» Exercise
Could you please transcribe the data exactly, without the pictures?

[Collected data entries]
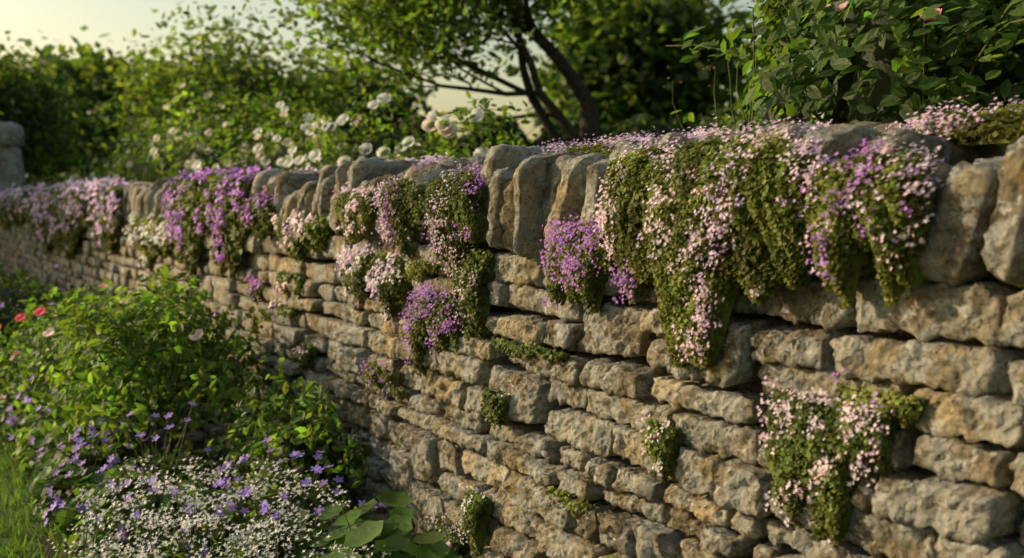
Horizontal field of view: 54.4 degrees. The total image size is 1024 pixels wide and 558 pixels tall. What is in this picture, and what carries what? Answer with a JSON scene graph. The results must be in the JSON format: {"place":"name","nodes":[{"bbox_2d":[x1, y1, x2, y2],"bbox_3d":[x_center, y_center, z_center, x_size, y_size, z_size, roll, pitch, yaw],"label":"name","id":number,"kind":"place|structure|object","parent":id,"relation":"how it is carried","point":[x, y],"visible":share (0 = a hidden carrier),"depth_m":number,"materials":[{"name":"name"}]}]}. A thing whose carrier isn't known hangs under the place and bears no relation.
{"place":"outdoors","nodes":[
{"label":"outdoors","id":0,"kind":"place"},
{"bbox_2d":[0,437,76,557],"bbox_3d":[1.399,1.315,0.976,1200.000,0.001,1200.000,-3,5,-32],"label":"ground","id":1,"kind":"structure","parent":0,"point":[14,512],"depth_m":4.43,"materials":[{"name":"green plant"}]},
{"bbox_2d":[0,122,25,192],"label":"gate pier","id":2,"kind":"structure","parent":1,"relation":"on","point":[12,171],"depth_m":18.05,"materials":[{"name":"stone"}]},
{"bbox_2d":[13,39,71,183],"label":"leaves","id":3,"kind":"object","parent":1,"relation":"on","point":[29,44],"depth_m":47.61,"materials":[{"name":"green plant"}]},
{"bbox_2d":[0,30,109,188],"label":"bush","id":4,"kind":"object","parent":1,"relation":"on","point":[35,113],"depth_m":26.04,"materials":[{"name":"green plant"}]},
{"bbox_2d":[8,25,161,188],"bbox_3d":[-16.221,-5.451,38.669,9.897,8.811,10.384,-3,5,-32],"label":"bush","id":5,"kind":"object","parent":1,"relation":"on","point":[99,74],"visible":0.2,"depth_m":36.59,"materials":[{"name":"green plant"}]},
{"bbox_2d":[6,392,254,557],"bbox_3d":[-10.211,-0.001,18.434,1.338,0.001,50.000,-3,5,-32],"label":"foliage","id":6,"kind":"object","parent":1,"relation":"on","point":[196,446],"depth_m":5.25,"materials":[{"name":"green plant"}]},
{"bbox_2d":[141,50,193,89],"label":"tree","id":7,"kind":"object","parent":1,"relation":"on","point":[146,68],"depth_m":57.30,"materials":[{"name":"green plant"}]},
{"bbox_2d":[57,1,381,162],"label":"bush","id":8,"kind":"object","parent":1,"relation":"on","point":[206,72],"depth_m":17.78,"materials":[{"name":"green plant"}]},
{"bbox_2d":[0,263,462,557],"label":"border","id":9,"kind":"object","parent":1,"relation":"on","point":[140,352],"depth_m":4.19,"materials":[{"name":"green plant"}]},
{"bbox_2d":[25,67,537,187],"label":"rose shrubs","id":10,"kind":"object","parent":1,"relation":"on","point":[225,143],"depth_m":8.72,"materials":[{"name":"green plant"}]},
{"bbox_2d":[276,40,436,132],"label":"bush","id":11,"kind":"object","parent":1,"relation":"on","point":[372,88],"visible":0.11,"depth_m":45.30,"materials":[{"name":"green plant"}]},
{"bbox_2d":[182,0,721,150],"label":"apple tree","id":12,"kind":"object","parent":1,"relation":"on","point":[415,13],"depth_m":10.57,"materials":[{"name":"green plant"}]},
{"bbox_2d":[0,121,1023,557],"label":"dry stone wall","id":13,"kind":"structure","parent":1,"relation":"on","point":[436,441],"depth_m":2.65,"materials":[{"name":"beige stone"}]},
{"bbox_2d":[0,93,1023,557],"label":"wall plants","id":14,"kind":"object","parent":13,"relation":"on","point":[768,255],"depth_m":2.34,"materials":[{"name":"green plant"}]},
{"bbox_2d":[27,222,998,467],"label":"wall stones","id":15,"kind":"object","parent":1,"relation":"on","point":[756,385],"depth_m":2.77,"materials":[{"name":"beige stone"}]},
{"bbox_2d":[323,111,756,156],"bbox_3d":[-0.290,-1.706,19.934,10.992,3.293,2.206,0,4,5],"label":"hedge","id":16,"kind":"object","parent":1,"relation":"on","point":[637,123],"visible":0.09,"depth_m":19.41,"materials":[{"name":"green plant"}]},
{"bbox_2d":[497,0,781,139],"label":"bush","id":17,"kind":"object","parent":1,"relation":"on","point":[625,90],"depth_m":38.88,"materials":[{"name":"green plant"}]},
{"bbox_2d":[662,0,1023,136],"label":"bush","id":18,"kind":"object","parent":1,"relation":"on","point":[874,49],"depth_m":3.03,"materials":[{"name":"green plant"}]},
{"bbox_2d":[0,0,823,141],"label":"sky","id":19,"kind":"structure","parent":0,"point":[57,20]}
]}

» Answer section
Horizontal field of view: 54.4 degrees. The total image size is 1024 pixels wide and 558 pixels tall. What is in this picture, and what carries what? Answer with a JSON scene graph. The results must be in the JSON format: {"place":"name","nodes":[{"bbox_2d":[x1, y1, x2, y2],"bbox_3d":[x_center, y_center, z_center, x_size, y_size, z_size, roll, pitch, yaw],"label":"name","id":number,"kind":"place|structure|object","parent":id,"relation":"how it is carried","point":[x, y],"visible":share (0 = a hidden carrier),"depth_m":number,"materials":[{"name":"name"}]}]}. A thing whose carrier isn't known hangs under the place and bears no relation.
{"place":"outdoors","nodes":[
{"label":"outdoors","id":0,"kind":"place"},
{"bbox_2d":[0,437,76,557],"bbox_3d":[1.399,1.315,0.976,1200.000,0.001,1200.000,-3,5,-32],"label":"ground","id":1,"kind":"structure","parent":0,"point":[14,512],"depth_m":4.43,"materials":[{"name":"green plant"}]},
{"bbox_2d":[0,122,25,192],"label":"gate pier","id":2,"kind":"structure","parent":1,"relation":"on","point":[12,171],"depth_m":18.05,"materials":[{"name":"stone"}]},
{"bbox_2d":[13,39,71,183],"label":"leaves","id":3,"kind":"object","parent":1,"relation":"on","point":[29,44],"depth_m":47.61,"materials":[{"name":"green plant"}]},
{"bbox_2d":[0,30,109,188],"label":"bush","id":4,"kind":"object","parent":1,"relation":"on","point":[35,113],"depth_m":26.04,"materials":[{"name":"green plant"}]},
{"bbox_2d":[8,25,161,188],"bbox_3d":[-16.221,-5.451,38.669,9.897,8.811,10.384,-3,5,-32],"label":"bush","id":5,"kind":"object","parent":1,"relation":"on","point":[99,74],"visible":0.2,"depth_m":36.59,"materials":[{"name":"green plant"}]},
{"bbox_2d":[6,392,254,557],"bbox_3d":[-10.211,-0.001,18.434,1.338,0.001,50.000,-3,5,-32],"label":"foliage","id":6,"kind":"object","parent":1,"relation":"on","point":[196,446],"depth_m":5.25,"materials":[{"name":"green plant"}]},
{"bbox_2d":[141,50,193,89],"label":"tree","id":7,"kind":"object","parent":1,"relation":"on","point":[146,68],"depth_m":57.30,"materials":[{"name":"green plant"}]},
{"bbox_2d":[57,1,381,162],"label":"bush","id":8,"kind":"object","parent":1,"relation":"on","point":[206,72],"depth_m":17.78,"materials":[{"name":"green plant"}]},
{"bbox_2d":[0,263,462,557],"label":"border","id":9,"kind":"object","parent":1,"relation":"on","point":[140,352],"depth_m":4.19,"materials":[{"name":"green plant"}]},
{"bbox_2d":[25,67,537,187],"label":"rose shrubs","id":10,"kind":"object","parent":1,"relation":"on","point":[225,143],"depth_m":8.72,"materials":[{"name":"green plant"}]},
{"bbox_2d":[276,40,436,132],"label":"bush","id":11,"kind":"object","parent":1,"relation":"on","point":[372,88],"visible":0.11,"depth_m":45.30,"materials":[{"name":"green plant"}]},
{"bbox_2d":[182,0,721,150],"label":"apple tree","id":12,"kind":"object","parent":1,"relation":"on","point":[415,13],"depth_m":10.57,"materials":[{"name":"green plant"}]},
{"bbox_2d":[0,121,1023,557],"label":"dry stone wall","id":13,"kind":"structure","parent":1,"relation":"on","point":[436,441],"depth_m":2.65,"materials":[{"name":"beige stone"}]},
{"bbox_2d":[0,93,1023,557],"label":"wall plants","id":14,"kind":"object","parent":13,"relation":"on","point":[768,255],"depth_m":2.34,"materials":[{"name":"green plant"}]},
{"bbox_2d":[27,222,998,467],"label":"wall stones","id":15,"kind":"object","parent":1,"relation":"on","point":[756,385],"depth_m":2.77,"materials":[{"name":"beige stone"}]},
{"bbox_2d":[323,111,756,156],"bbox_3d":[-0.290,-1.706,19.934,10.992,3.293,2.206,0,4,5],"label":"hedge","id":16,"kind":"object","parent":1,"relation":"on","point":[637,123],"visible":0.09,"depth_m":19.41,"materials":[{"name":"green plant"}]},
{"bbox_2d":[497,0,781,139],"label":"bush","id":17,"kind":"object","parent":1,"relation":"on","point":[625,90],"depth_m":38.88,"materials":[{"name":"green plant"}]},
{"bbox_2d":[662,0,1023,136],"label":"bush","id":18,"kind":"object","parent":1,"relation":"on","point":[874,49],"depth_m":3.03,"materials":[{"name":"green plant"}]},
{"bbox_2d":[0,0,823,141],"label":"sky","id":19,"kind":"structure","parent":0,"point":[57,20]}
]}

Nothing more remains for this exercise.